Brief: Exactly as they appear, write the lines from the one containing "Education (Scotland) Act, 1908, Sections" to the final line of the entries, leaving pictures out.

Data listing:

======

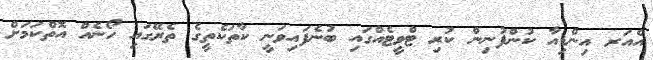
އެއަރ އިންޑިއާ ކުންފުނިން ކުރި ޓްވީޓެއްގައި ބުނެފައިވަނީ ކާތަކެތީގެ ތެރޭގައި ހޯނެއް އޮތްކަމަށް
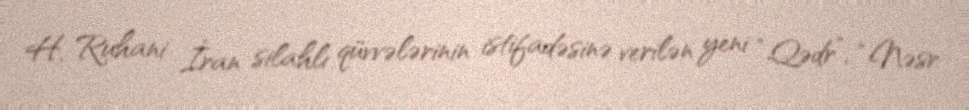
H. Ruhani İran silahlı qüvvələrinin istifadəsinə verilən yeni “Qədr”, “Nəsr
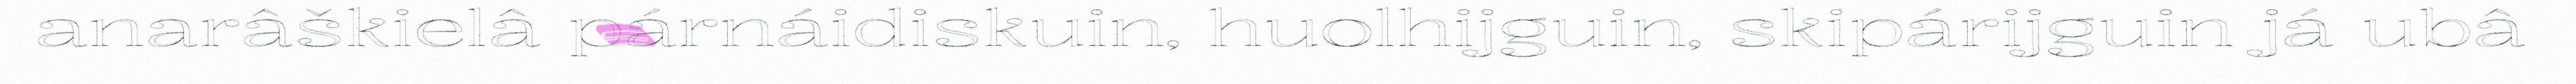
anarâškielâ párnáidiskuin, huolhijguin, skipárijguin já ubâ
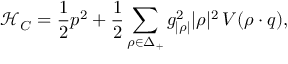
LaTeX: \mathcal { H } _ { C } = { \frac { 1 } { 2 } } p ^ { 2 } + { \frac { 1 } { 2 } } \sum _ { \rho \in \Delta _ { + } } { g _ { | \rho | } ^ { 2 } | \rho | ^ { 2 } } \, V ( \rho \cdot q ) ,
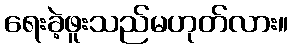
ရေးခဲ့ဖူးသည်မဟုတ်လား။
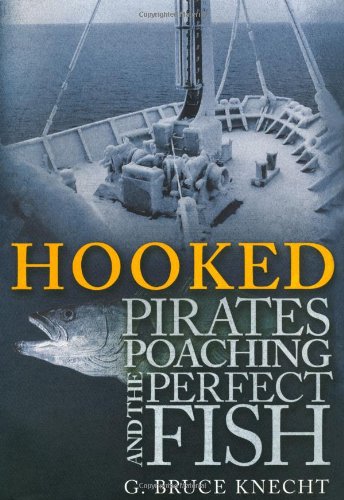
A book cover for Hooked: Pirates, Poaching, and the Perfect Fish; G. Bruce Knecht; Law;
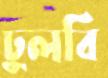
ঢুলবি
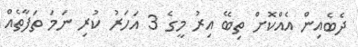
ދެބެއިން އެއްކޮށް ތިބޭ އިރު މީގެ 3 އަހަރު ކުރި ނަމަ ތަފާތެއް
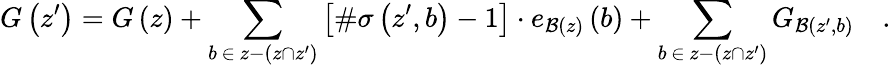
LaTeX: G\left(z^{\prime}\right)=G\left(z\right)+\sum_{b\, \in\, z-\left(z\cap z^{\prime}\right)}\left[\# \sigma\left(z^{\prime},b\right)-1\right]\cdot e_{{\cal B}\left(z\right)}\left(b\right)+\sum_{b\, \in\, z-\left(z\cap z^{\prime}\right)}G_{{\cal B}\left(z^{\prime},b\right)}\quad.
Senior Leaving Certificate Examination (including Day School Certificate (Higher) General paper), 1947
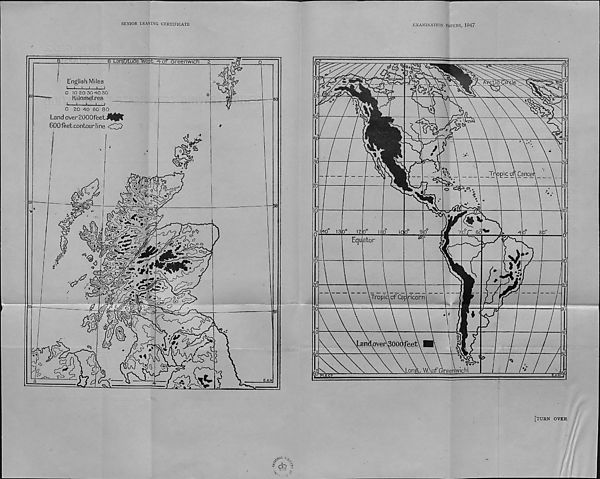
SENIOR LEAVING CERTIFICATE
6 Longitude wesfT^o-r Greenwich
English Miles
-i- i . i i i
O 10 ZO 30 40 50
Kilometres
J—i—i
i
i
0 20 40 60 80
Land over2000feetjSS^T
^OOfeet contour line
'-'i
4?
EXAMINATION PAPERS, 1947
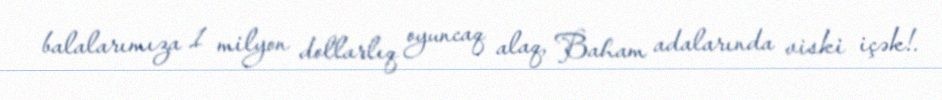
balalarımıza 1 milyon dollarlıq oyuncaq alaq, Baham adalarında viski içək!.
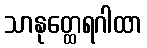
သာနုတ္ထေရဂါထာ
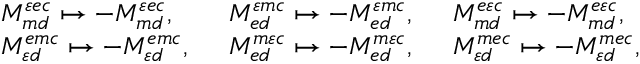
\begin{array} { l l l } { M _ { m d } ^ { \varepsilon e c } \mapsto - M _ { m d } ^ { \varepsilon e c } , \enspace } & { M _ { e d } ^ { \varepsilon m c } \mapsto - M _ { e d } ^ { \varepsilon m c } , \enspace } & { M _ { m d } ^ { e \varepsilon c } \mapsto - M _ { m d } ^ { e \varepsilon c } , \enspace } \\ { M _ { \varepsilon d } ^ { e m c } \mapsto - M _ { \varepsilon d } ^ { e m c } , \enspace } & { M _ { e d } ^ { m \varepsilon c } \mapsto - M _ { e d } ^ { m \varepsilon c } , \enspace } & { M _ { \varepsilon d } ^ { m e c } \mapsto - M _ { \varepsilon d } ^ { m e c } , } \end{array}
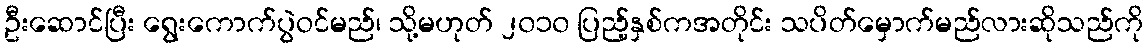
ဦးဆောင်ပြီး ရွေးကောက်ပွဲဝင်မည်၊ သို့မဟုတ် ၂၀၁၀ ပြည့်နှစ်ကအတိုင်း သပိတ်မှောက်မည်လားဆိုသည်ကို
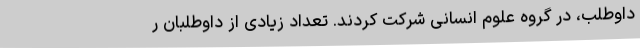
داوطلب، در گروه علوم انسانی شرکت کردند. تعداد زیادی از داوطلبان ر
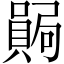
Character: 𫬊
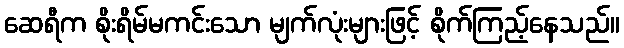
ဆေရီက စိုးရိမ်မကင်းသော မျက်လုံးများဖြင့် စိုက်ကြည့်နေသည်။
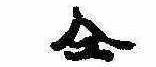
同
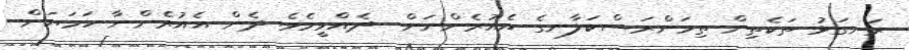
ރަނގަޅު ތަކެތިން ތިމަންރަސްކަލާނގެ އެއުރެންނަށް  ދެއްވީމެވެ. ދެން އެއުރެންނާ ހަމަޔަށް
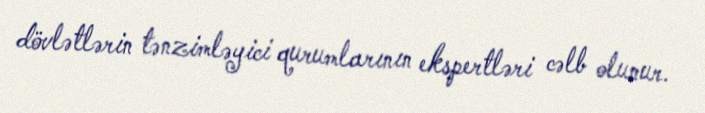
dövlətlərin tənzimləyici qurumlarının ekspertləri cəlb olunur.
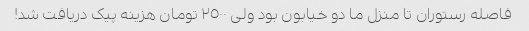
فاصله رستوران تا منزل ما دو خیابون بود ولی ٢٥٠٠ تومان هزینه پیک دریافت شد!
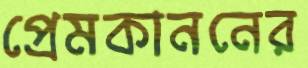
প্রেমকাননের
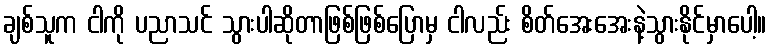
ချစ်သူက ငါကို ပညာသင် သွားပါဆိုတာဖြစ်ဖြစ်ပြောမှ ငါလည်း စိတ်အေးအေးနဲ့သွားနိုင်မှာပေါ့။
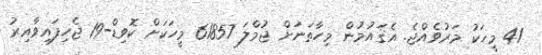
41 މީހަކު މަރުވެއްޖެ. އެޤައުމުން މިހާތަނަށް ޖުމްލަ 61857 މީހަކަށް ކޮވިޑް-19 ޖެހިފައިވާއިރު
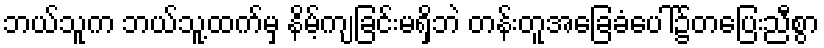
ဘယ်သူက ဘယ်သူ့ထက်မှ နိမ့်ကျခြင်းမရှိဘဲ တန်းတူအခြေခံပေါ်၌တပြေးညီစွာ
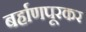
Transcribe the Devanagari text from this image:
बर्हाणपूरकर
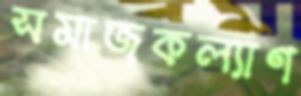
সমাজকল্যাণ
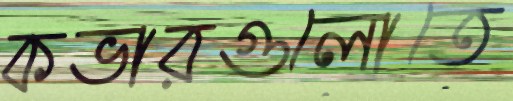
কভারগুলোতে
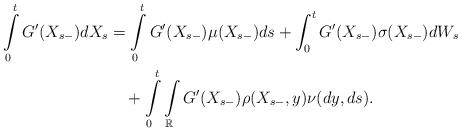
LaTeX: \begin{align*}\int\limits_0^t G'(X_{s-})dX_s&=\int\limits_0^t G'(X_{s-})\mu(X_{s-})ds+\int_0^t G'(X_{s-}) \sigma(X_{s-}) dW_s\\&\quad+\int\limits_0^t\int\limits_{\mathbb{R}}G'(X_{s-})\rho(X_{s-},y)\nu (dy,ds).\end{align*}
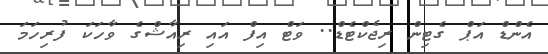
އެންޑް އަޕް ގެޓިން ރިޖެކްޓެޑް.. ވަޓް އިފް އައި ރިއާޝްގެ ވާހަކަ ފުރިހަމަ
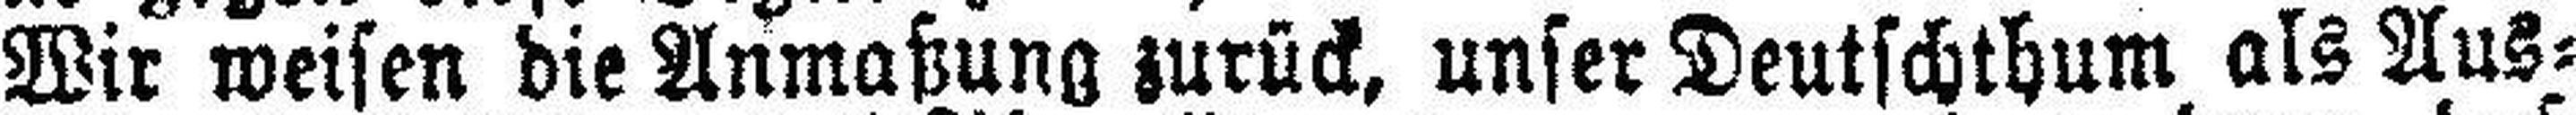
Wir weisen die Anmaßung zurück, unser Deutschthum als Aus¬
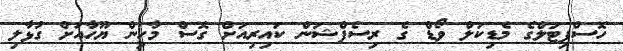
ހޮސްޕިޓަލްގެ މެޑިކަލް ވޯޑް ގެ ރިސެޕްޝަން ކައިރިއަށް ގޮސް މާހިން ޔޫހާއަށް ގުޅާލި
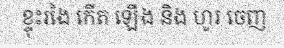
ខ្ទុះរងៃ កើត ឡើង និង ហូរ ចេញ
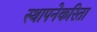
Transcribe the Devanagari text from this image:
स्थापनेकरिता
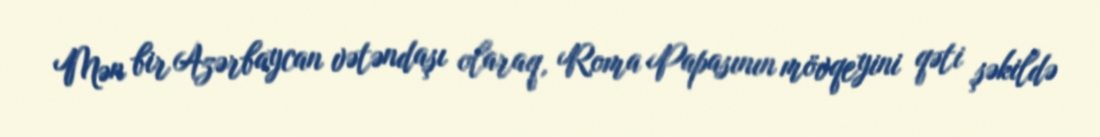
Mən bir Azərbaycan vətəndaşı olaraq, Roma Papasının mövqeyini qəti şəkildə
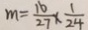
m = \frac { 1 6 } { 2 7 } \times \frac { 1 } { 2 4 }
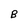
Character: B
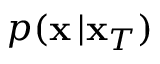
p ( \mathbf { x } \, | \mathbf { x } _ { T } )
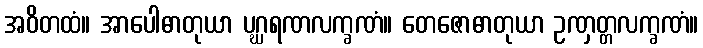
အဝိတထံ။ အာပေါဓာတုယာ ပဂ္ဃရဏလက္ခဏံ။ တေဇောဓာတုယာ ဥဏှတ္တလက္ခဏံ။
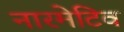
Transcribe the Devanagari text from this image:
नारमेटिव
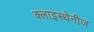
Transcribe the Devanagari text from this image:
क्लाइस्थेनीज
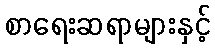
စာရေးဆရာများနှင့်
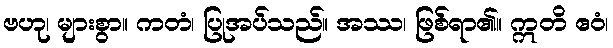
ဗဟု၊ များစွာ။ ကတံ၊ ပြုအပ်သည်။ အဿ၊ ဖြစ်ရာ၏။ ဣတိ ဧဝံ၊
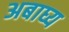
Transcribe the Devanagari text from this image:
अबाघ्य
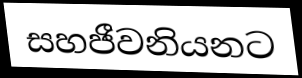
සහජීවනියනට
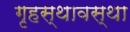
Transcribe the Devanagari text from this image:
गृहस्थावस्था
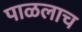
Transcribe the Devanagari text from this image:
पाळलाच
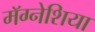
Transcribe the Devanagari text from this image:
मॅग्नेशिया
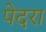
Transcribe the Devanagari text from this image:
पेदरा
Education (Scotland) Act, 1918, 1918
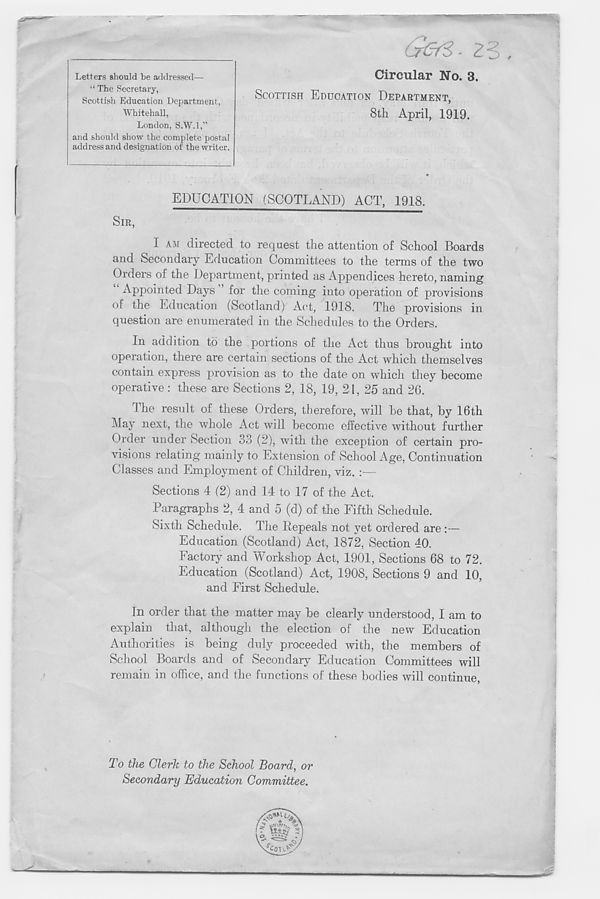
0!PMi
CrOfS -23,
Circular No. 3.
SCOTTISH EDUCATION DEPARTMENT,
8th April, 1919.
EDUCATION (SCOTLAND) ACT, 1918.
SIR,
I AM directed to request the attention of School Boards
and Secondary Education Committees to the terms of the two
Orders of the Department, printed as Appendices hereto, naming
Appointed Days for the coming into operation of provisions
of the Education (Scotland) Act, 1918. The provisions in
question are enumerated in the Schedules to the Orders.
In addition to the portions of the Act thus brought into
operation, there are certain sections of the Act which themselves
contain express provision as to the date on which they become
operative: these are Sections 2, 18, 19, 21, 25 and 26.
The result of these Orders, therefore, will be that, by 16th
May next, the whole Act will become effective without further
Order under Section 33 (2), with the exception of certain pro-
visions relating mainly to Extension of School Age, Continuation
Classes and Employment of Children, viz. —
Sections 4 (2) and 14 to 17 of the Act.
Paragraphs 2, 4 and 5 (d) of the Fifth Schedule.
Sixth Schedule. The Repeals not yet ordered are :—
Education (Scotland) Act, 1872, Section 40.
Factory and Workshop Act, 1901, Sections 68 to 72.
Education (Scotland) Act, 1908, Sections 9 and 10,
and First Schedule.
In order that the matter may be clearly understood, I am to
explain that, although the election of the new Education
Authorities is being duly proceeded with, the members of
School Boards and of Secondary Education Committees will
remain in office, and the functions of these bodies will continue,
Letters should be addressed—
“ The Secretary,
Scottish Education Department,
Whitehall,
London, S.W.l,”
and should show the complete postal
address and designation of the writer.
To the Clerk to the School Board, or
Secondary Education Committee.
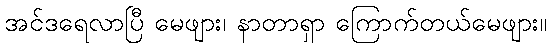
အင်ဒရေလာပြီ မေဖျား၊ နာတာရှာ ကြောက်တယ်မေဖျား။
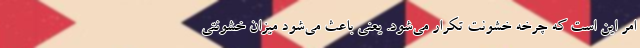
امر این است که چرخه خشونت تکرار می‌شود. یعنی باعث می‌شود میزان خشونتی
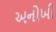
અનોખી
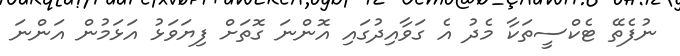
ނުފެތޭ ޓެކްސީތަކާ މެދު އެ ގަވާއިދުގައި އޮންނަ ގޮތަށް ފިޔަވަޅު އަޅަމުން އަންނަ
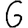
Digit: 6
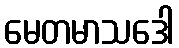
မေတမာသဒေါ
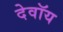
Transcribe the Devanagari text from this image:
देवॉय
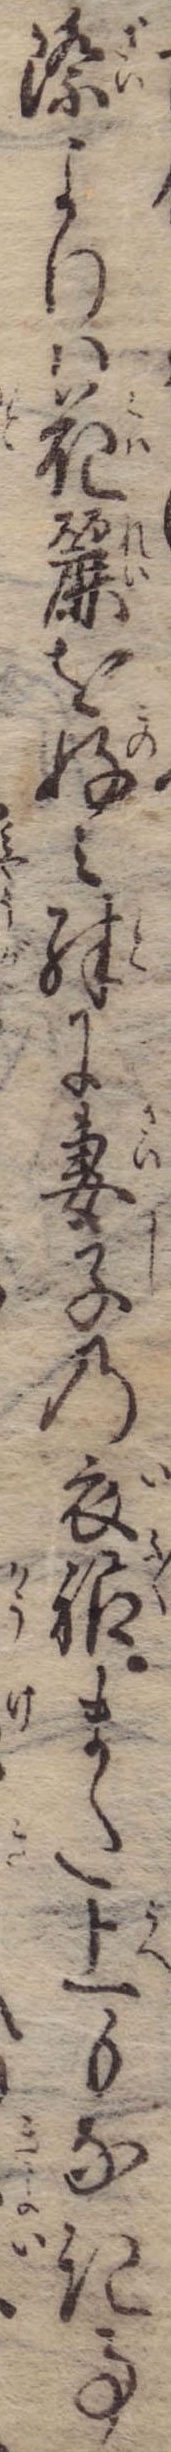
際よりは花麗を好み殊に妻子の衣服また上もなき事
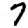
Digit: 7
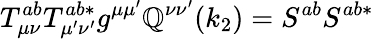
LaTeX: T_{\mu\nu}^{ab}T_{\mu^{\prime}\nu^{\prime}}^{ab*}g^{\mu\mu^{\prime}}\mathbb{Q}^{\nu\nu^{\prime}}(k_{2})=S^{ab}S^{ab*}
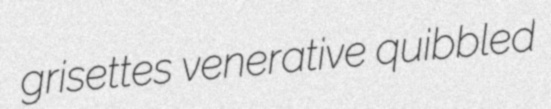
grisettes venerative quibbled
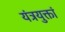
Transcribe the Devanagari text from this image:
यंत्रयुक्तां
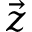
\Vec { z }
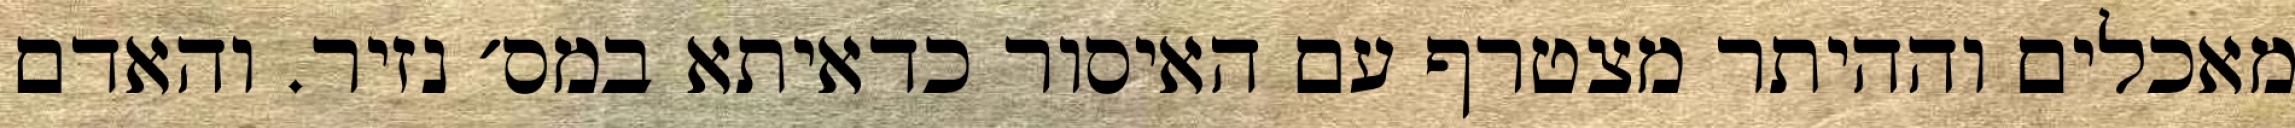
מאכלים וההיתר מצטרף עם האיסור כדאיתא במס׳ נזיר. והאדם
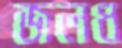
জলধ

======

Answer space:
Education (Scotland) Act, 1908, Sections 9 and 10,
and First Schedule.
In order that the matter may be clearly understood, I am to
explain that, although the election of the new Education
Authorities is being duly proceeded with, the members of
School Boards and of Secondary Education Committees will
remain in office, and the functions of these bodies will continue,
Letters should be addressed—
“ The Secretary,
Scottish Education Department,
Whitehall,
London, S.W.l,”
and should show the complete postal
address and designation of the writer.
To the Clerk to the School Board, or
Secondary Education Committee.
အင်ဒရေလာပြီ မေဖျား၊ နာတာရှာ ကြောက်တယ်မေဖျား။
امر این است که چرخه خشونت تکرار می‌شود. یعنی باعث می‌شود میزان خشونتی
અનોખી
ނުފެތޭ ޓެކްސީތަކާ މެދު އެ ގަވާއިދުގައި އޮންނަ ގޮތަށް ފިޔަވަޅު އަޅަމުން އަންނަ
Digit: 6
မေတမာသဒေါ
Transcribe the Devanagari text from this image:
देवॉय
際よりは花麗を好み殊に妻子の衣服また上もなき事
Digit: 7
LaTeX: T_{\mu\nu}^{ab}T_{\mu^{\prime}\nu^{\prime}}^{ab*}g^{\mu\mu^{\prime}}\mathbb{Q}^{\nu\nu^{\prime}}(k_{2})=S^{ab}S^{ab*}
grisettes venerative quibbled
Transcribe the Devanagari text from this image:
यंत्रयुक्तां
\Vec { z }
מאכלים וההיתר מצטרף עם האיסור כדאיתא במס׳ נזיר. והאדם
জলধ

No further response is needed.